===== Provided records
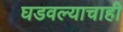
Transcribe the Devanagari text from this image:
घडवल्याचाही
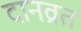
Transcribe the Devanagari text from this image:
दानव्रत
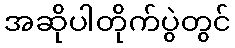
အဆိုပါတိုက်ပွဲတွင်
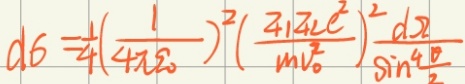
\[d\sigma=\frac{1}{4}\left(\frac{1}{4\pi\varepsilon_0}\right)^2\left(\frac{q_1q_2e^2}{mv_0^2}\right)^2\frac{dx}{\sin^4\frac{\theta}{2}}\]
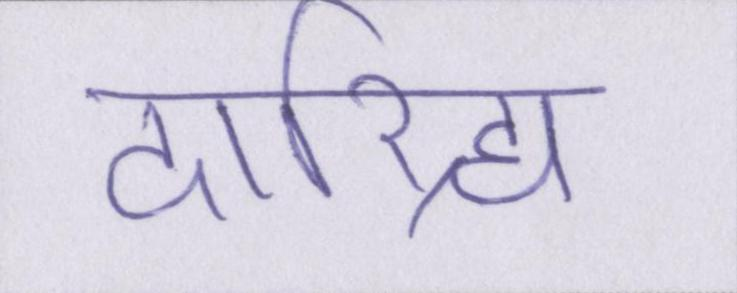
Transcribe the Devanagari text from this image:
दारिद्र्य
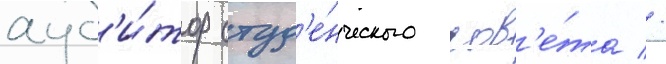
==========
What to do | Your answer must be the entries written out word for word, without their pictures.

Task answer |
Transcribe the Devanagari text from this image:
घडवल्याचाही
Transcribe the Devanagari text from this image:
दानव्रत
အဆိုပါတိုက်ပွဲတွင်
\[d\sigma=\frac{1}{4}\left(\frac{1}{4\pi\varepsilon_0}\right)^2\left(\frac{q_1q_2e^2}{mv_0^2}\right)^2\frac{dx}{\sin^4\frac{\theta}{2}}\]
Transcribe the Devanagari text from this image:
दारिद्र्य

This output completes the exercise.